ATMOS 41 Gen 2 All-in-One Weather Station
1. Introduction
Thank you for choosing the ATMOS 41 Gen 2 All-in-One Weather Station from METER Group. This station is designed for continuous monitoring of environmental variables, including standard weather measurements. The ATMOS 41 Gen 2 measures:
- Solar radiation
- Precipitation
- Precipitation electrical conductivity
- Air temperature
- Barometric pressure
- Vapor pressure
- Relative humidity
- Wind speed
- Wind direction
- Maximum wind gust
- Lightning strikes
- Lightning distance
- Tilt
All sensors are integrated into a single, compact unit, requiring minimal installation effort. Its robust design makes it ideal for long-term, remote installations. Applications include weather monitoring, microenvironment monitoring, spatially-distributed environmental monitoring, crop weather monitoring, fire danger monitoring, weather networks, and renewable energy assessment.
Additional advantages include its low-power design supporting battery-operated data loggers with SDI-12 or Modbus RS-485 interfaces. A tilt sensor warns of out-of-level conditions, and no configurations are necessary. Prior to use, verify all system components are included and in good condition.
2. Operation
Please read all instructions before operating the ATMOS 41 Gen 2 to ensure optimal performance.
PRECAUTION: METER sensors are built to high standards, but misuse, improper protection, or improper installation may damage the sensor and void the warranty. Follow recommended installation instructions and ensure proper protections are in place.
2.1 Installation
Follow the steps in Table 1 to set up the ATMOS 41 Gen 2 and begin data collection.
| Tools Needed | Details |
|---|---|
| Wrench (13 mm / 1/2 in) | Mounting pole 31.8 to 50.8 mm (1.25 to 2.0 in) diameter. Compatible US standard pipe sizes include 1.00-, 1.25-, and 1.50-in. Square tubing (1.25 to 2.00 in width) or T-posts also work. |
Field Site Considerations
Identify Mounting Location - Landscape: Choose a location considering vegetation cover, solar exposure, and wildlife activity. For WMO siting standards, ensure minimal slope and low vegetation height (< 10 cm) to prevent the pyranometer from being shaded.

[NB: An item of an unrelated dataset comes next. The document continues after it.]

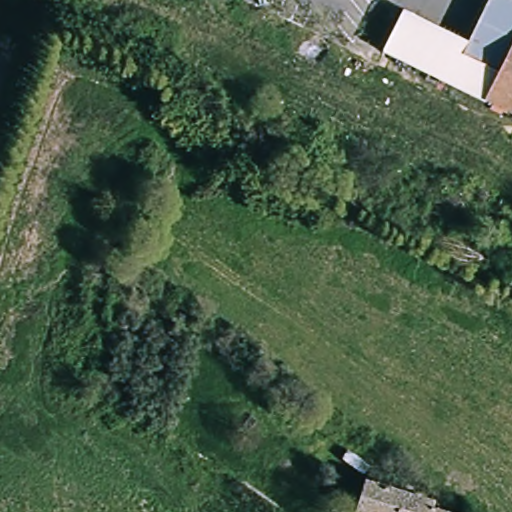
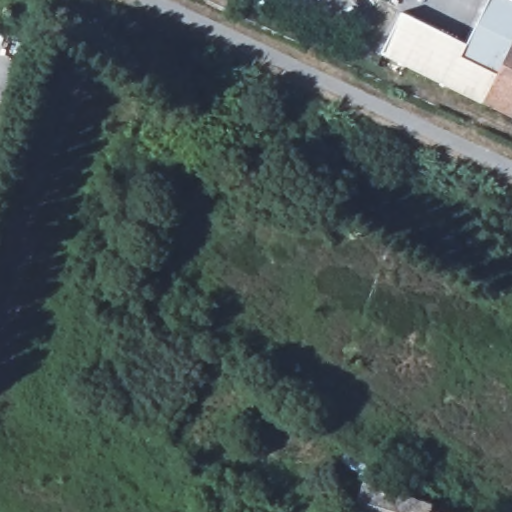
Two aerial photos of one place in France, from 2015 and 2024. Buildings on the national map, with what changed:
unchanged [(487,0),(512,0),(512,116),(485,102),(482,100),(480,103),(378,51),(399,11),(464,44),(487,0)]
unchanged [(362,482),(428,503),(426,511),(429,512),(349,512),(362,482)]

Identify Mounting Location - Interferences: Select a site far from high electromagnetic interference (EMI) sources like power lines, metallic objects, heat sources, or bodies of water.

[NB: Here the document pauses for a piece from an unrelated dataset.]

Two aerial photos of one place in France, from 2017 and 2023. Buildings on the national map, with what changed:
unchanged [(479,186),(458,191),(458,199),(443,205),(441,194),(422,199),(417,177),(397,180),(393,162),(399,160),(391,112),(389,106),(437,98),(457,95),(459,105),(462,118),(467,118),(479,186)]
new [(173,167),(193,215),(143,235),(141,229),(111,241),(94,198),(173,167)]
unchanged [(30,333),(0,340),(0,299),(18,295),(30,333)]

Conduct System Check: Plug the weather station into the logger (Section 2.2.1) and verify all sensors are functional and reading within expected ranges.

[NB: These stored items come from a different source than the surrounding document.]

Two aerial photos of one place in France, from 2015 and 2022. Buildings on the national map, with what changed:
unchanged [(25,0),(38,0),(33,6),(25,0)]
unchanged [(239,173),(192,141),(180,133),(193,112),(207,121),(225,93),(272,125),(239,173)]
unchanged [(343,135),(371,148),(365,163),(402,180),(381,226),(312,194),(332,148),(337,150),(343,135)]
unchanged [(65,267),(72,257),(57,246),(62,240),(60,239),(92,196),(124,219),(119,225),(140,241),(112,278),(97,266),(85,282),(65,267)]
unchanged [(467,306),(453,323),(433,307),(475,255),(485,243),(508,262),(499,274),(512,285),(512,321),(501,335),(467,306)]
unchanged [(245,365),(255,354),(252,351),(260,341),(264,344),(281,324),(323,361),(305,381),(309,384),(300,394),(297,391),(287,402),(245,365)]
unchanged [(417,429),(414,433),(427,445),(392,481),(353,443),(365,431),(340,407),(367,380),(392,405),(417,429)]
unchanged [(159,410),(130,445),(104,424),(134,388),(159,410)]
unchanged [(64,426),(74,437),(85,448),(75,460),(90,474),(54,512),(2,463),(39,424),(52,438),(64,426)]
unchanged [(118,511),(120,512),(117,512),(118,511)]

Install Mounting Pole: Use a pole with a 31.8 to 50.8 mm diameter. Mount the station approximately 2 m above ground, or adjust height based on application. The pole should be within 4.5° of level.
Mount Toward True North: Orient the 'N' engraving on the instrument to point true north (not magnetic north) for accurate wind direction measurements.
Mount and Secure Device: Tighten the V-bolt nuts hand-tight, then further with the wrench. Secure the ATMOS 41 Gen 2 flat and tight against the top of the mounting pole. CAUTION: Do not overtighten the bolt.
Level the Device: Use the bubble level on the ATMOS 41 Gen 2 to ensure it is level (within ±2°). Adjust by loosening the leveling screw, repositioning, and retightening.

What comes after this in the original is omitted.